STORY BEHIND THE ART OF DICK RAUH
17th Annual International
American Society of Botanical Artists at The Horticultural Society of New York
Mullein infructescence
Verbascum thapsus
The first impression you get from the infructation of mullein is of a long brown rod, loaded with capsules. The more I looked, the less this impressed me as a subject, and the mullein sat with my collection of dry fruits as I passed it over for more intriguing material. Then I looked more closely, through a loupe, and as often happens, it began to send out “paint me’ signals. I was energized to show the septicidal capsules, their unusual form curving in at the split, the slightly greenish background pubescence, and those few capsules opened into five armed stars. How to accomplish the feeling of both aspects, a column of fruits and the individual forms of the capsules, led to painting a section of the tall fruiting stem. As usual for me I felt obliged to enlarge the plant, both to make it easier for me to see and paint the details, but also to make what would be for most viewers a dull, forgettable remnant into an exercise of botanical revelation – the subtle, but present, interlocking Fibonacci spirals, the variety of stages in the two-parted capsules that split on the septum, and the subtle range of color.

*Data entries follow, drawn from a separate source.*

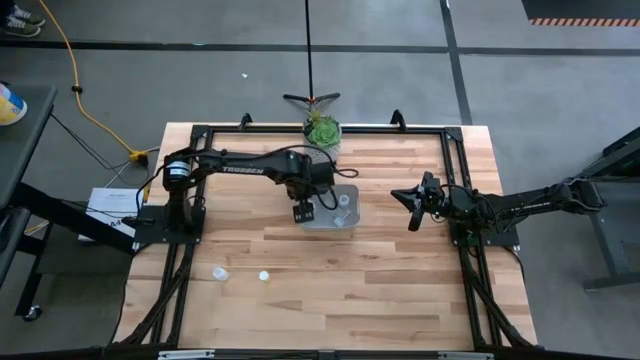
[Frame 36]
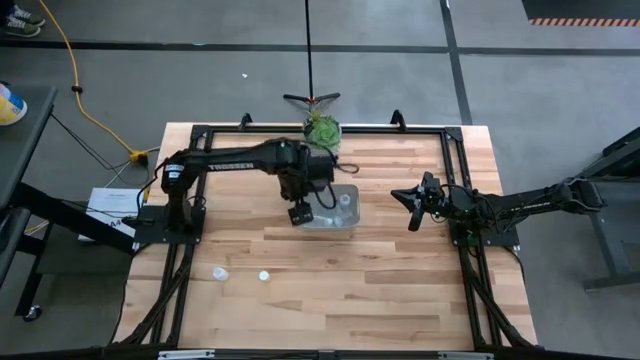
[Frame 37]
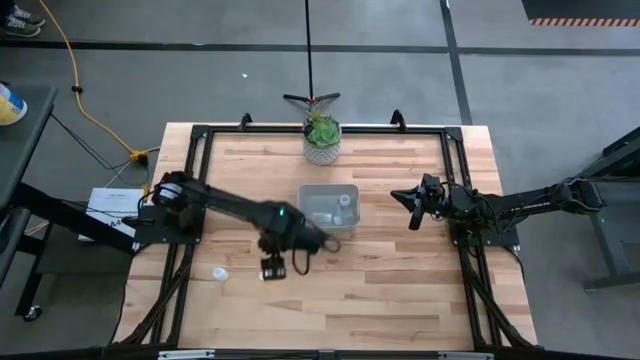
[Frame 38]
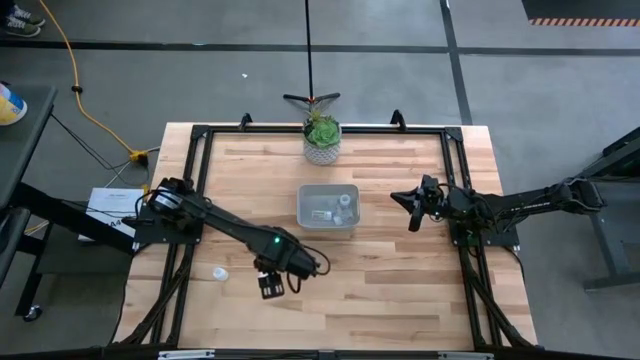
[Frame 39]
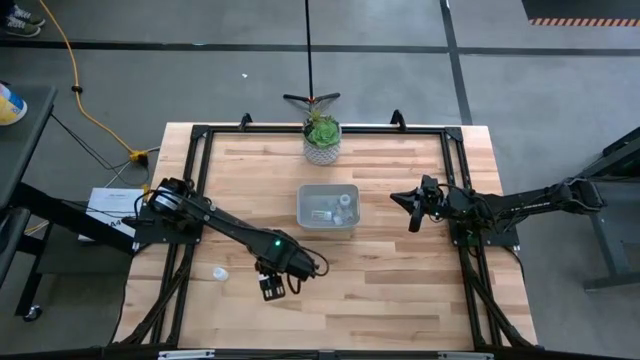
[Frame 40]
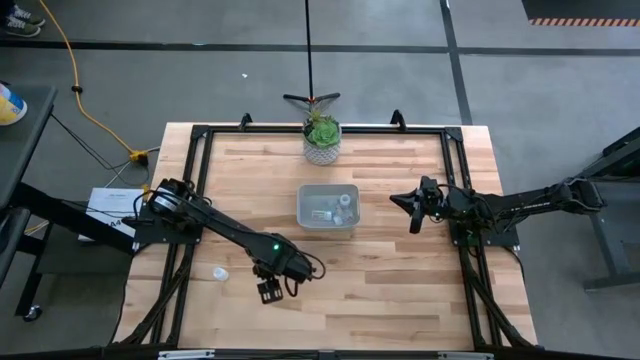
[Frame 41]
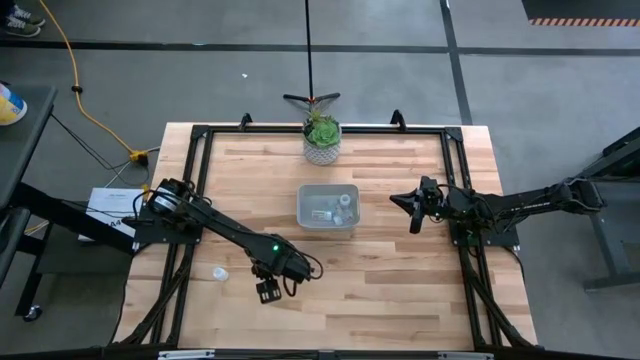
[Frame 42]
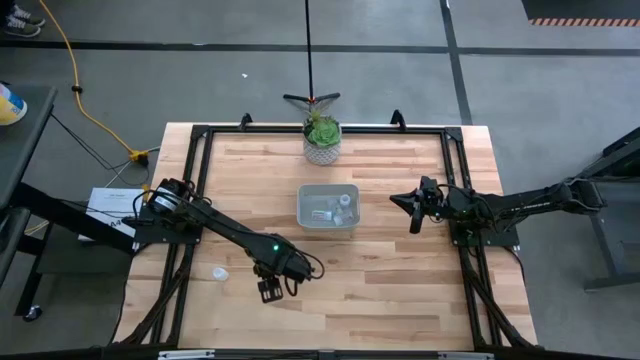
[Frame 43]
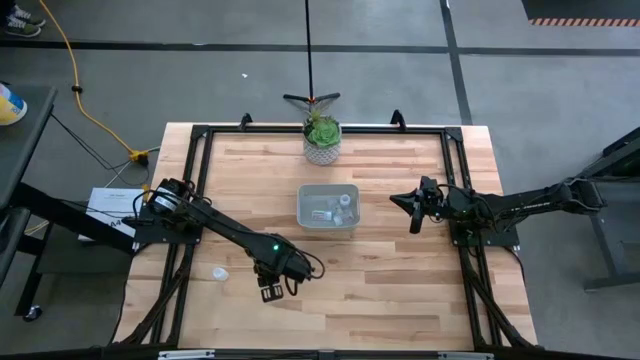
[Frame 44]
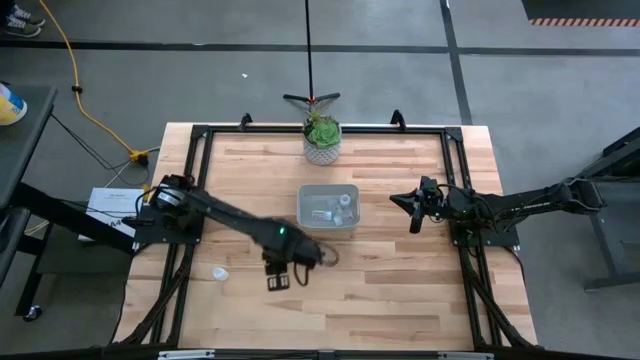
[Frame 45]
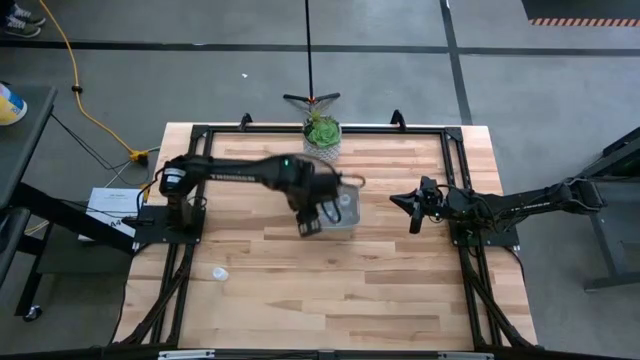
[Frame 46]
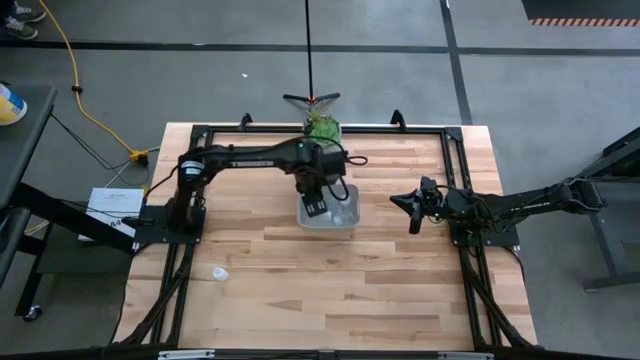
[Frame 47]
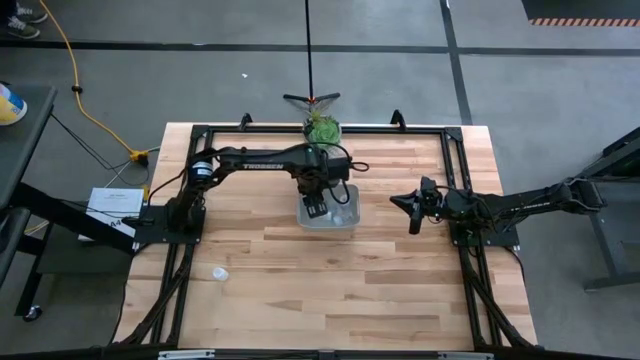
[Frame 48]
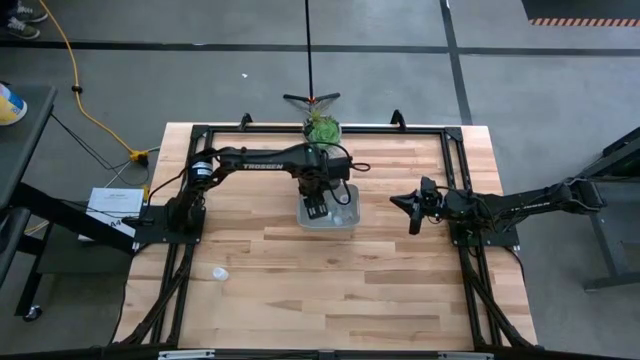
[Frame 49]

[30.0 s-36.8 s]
Task: Pick and place pill bottles into a basket
Put the yellow pill bottle into the gray bin

My process involves first drawing an almost stick figure but accurate one-to-one drawing, setting up the model in a gray shadow box, lit with an Ott light. I tend to flesh this out, this time about three times up, checking the details through a magnifying lamp lens, and taking multiple shots with my digital camera to affirm the details. This drawing is enlarged to final size determined by the longest dimension that will fit on a full sheet of Arches 300 pound hot press watercolor paper, and again details and relationships adjusted, until a final single line drawing is traced to final size, and then painted. As always, a recurring theme in my work is the desire to make the viewer more aware of the less spectacular side of nature, and to find the hidden beauty available in even the most unprepossessing stages of a plant’s life cycle.